▼▼▼
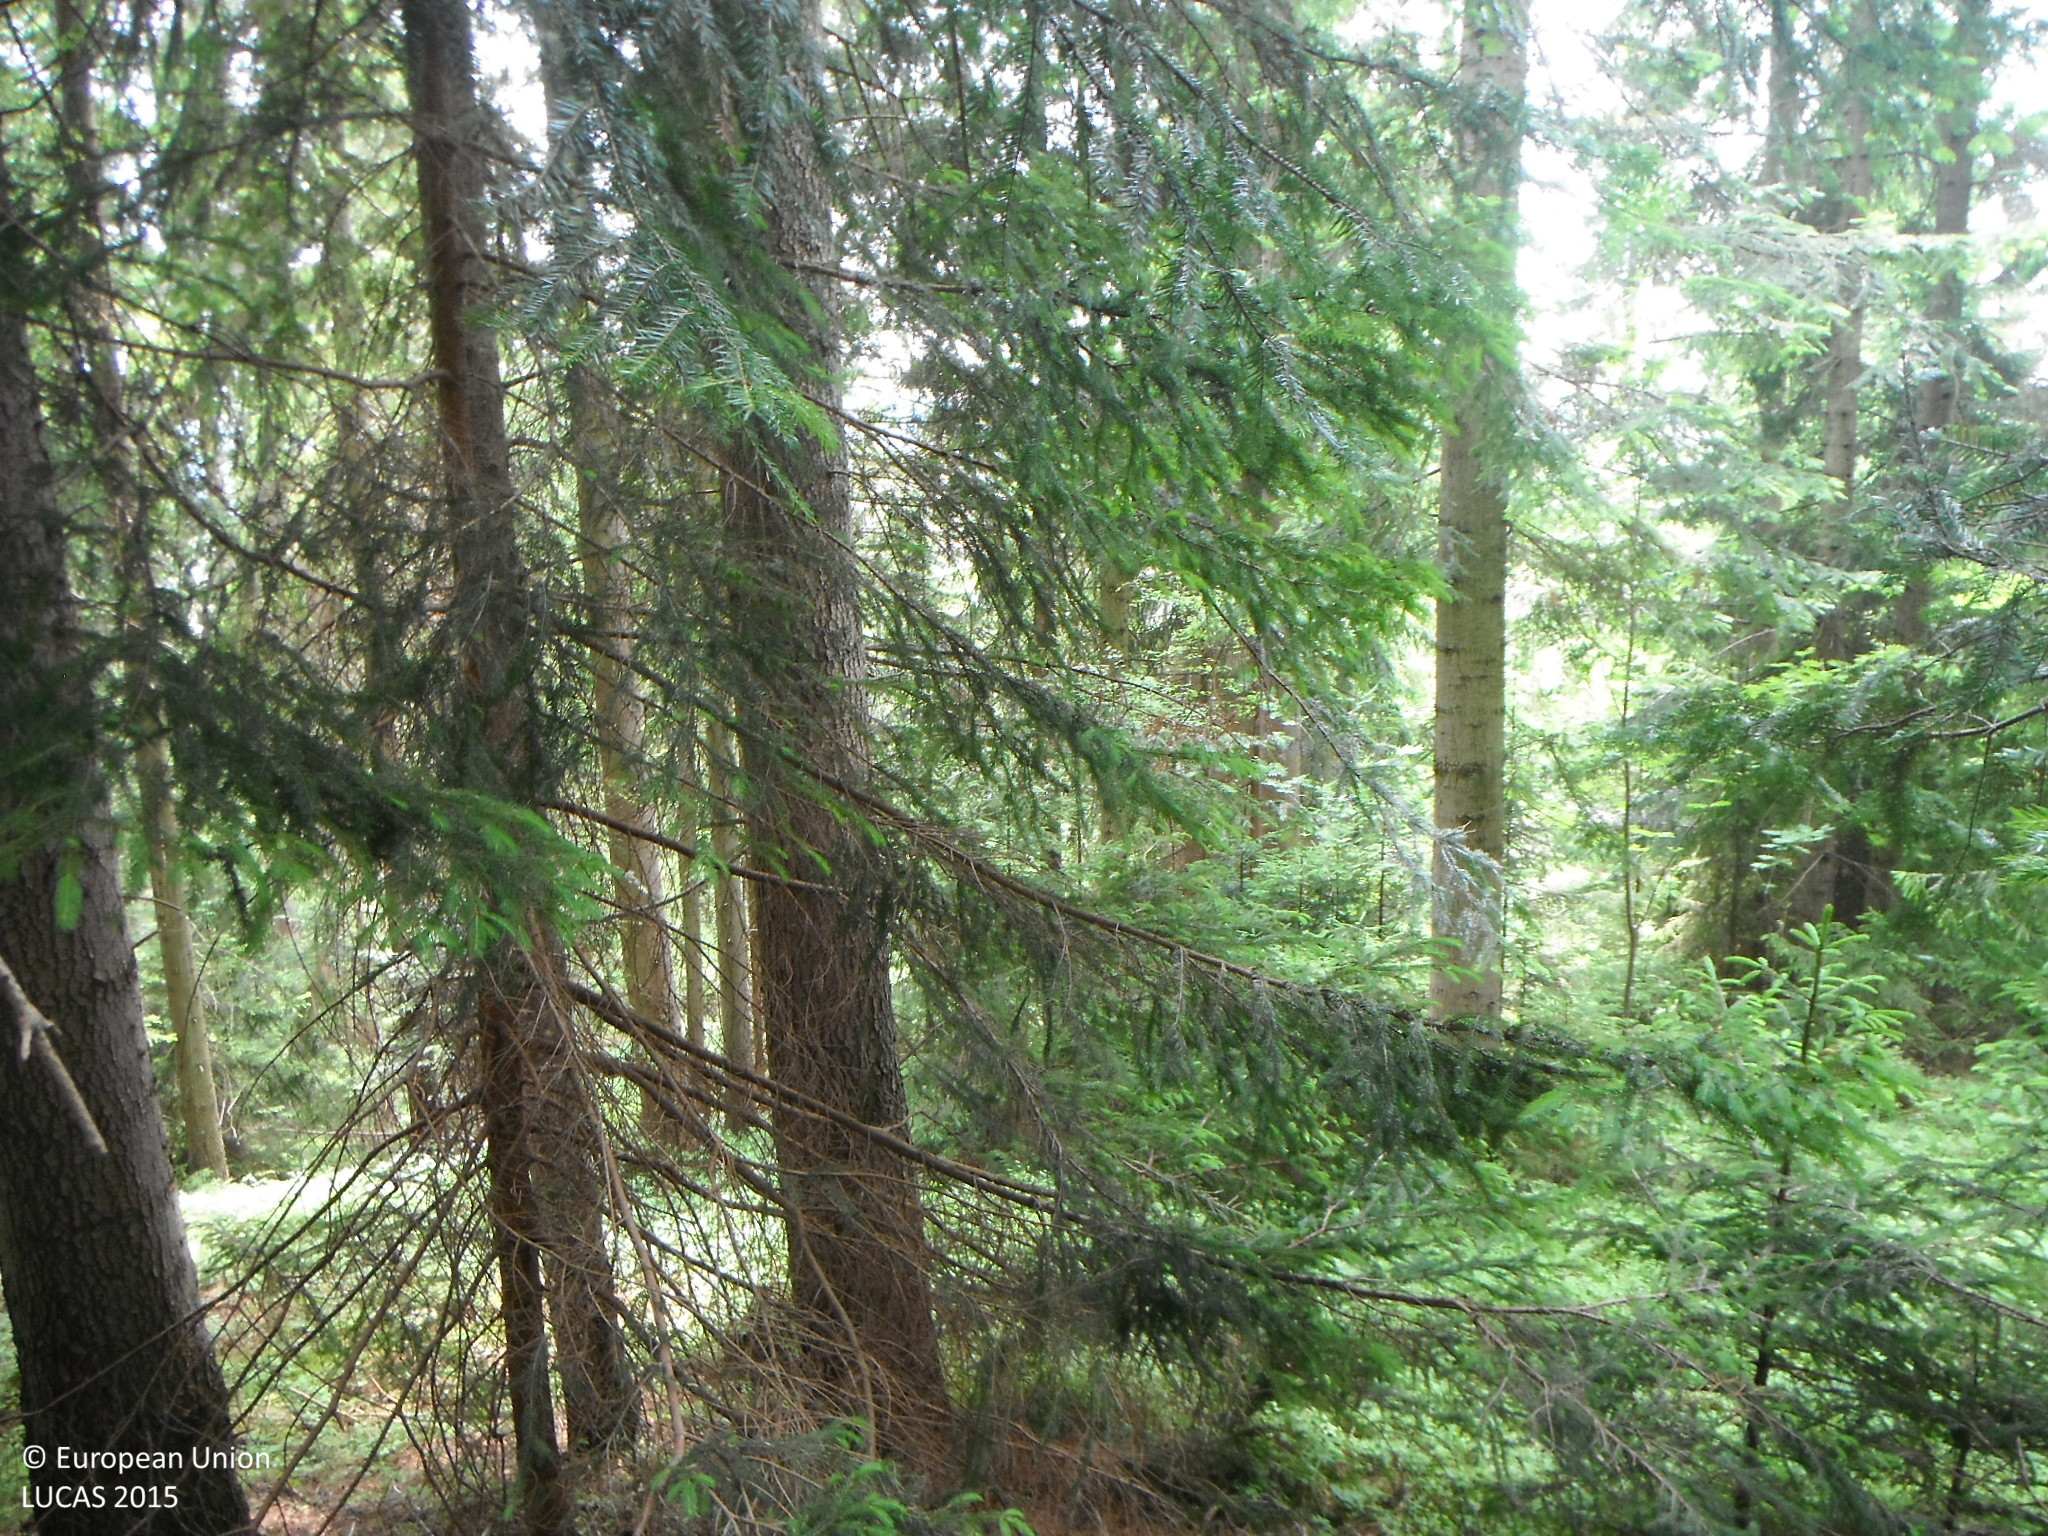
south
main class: Woodland
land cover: Spruce dominated coniferous woodland
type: alpine coniferous forest
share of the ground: > 75 %
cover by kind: coniferous forest trees 95 %, herbaceous plants 5 %
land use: Forestry
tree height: > 5 m
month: July
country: SK
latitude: 49.5115
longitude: 19.5430
▲▲▲
**What you should do:**
Each entry above must be set down word for word; none of its pictures belong in the copy.

**Result below:**
south
main class: Woodland
land cover: Spruce dominated coniferous woodland
type: alpine coniferous forest
share of the ground: > 75 %
cover by kind: coniferous forest trees 95 %, herbaceous plants 5 %
land use: Forestry
tree height: > 5 m
month: July
country: SK
latitude: 49.5115
longitude: 19.5430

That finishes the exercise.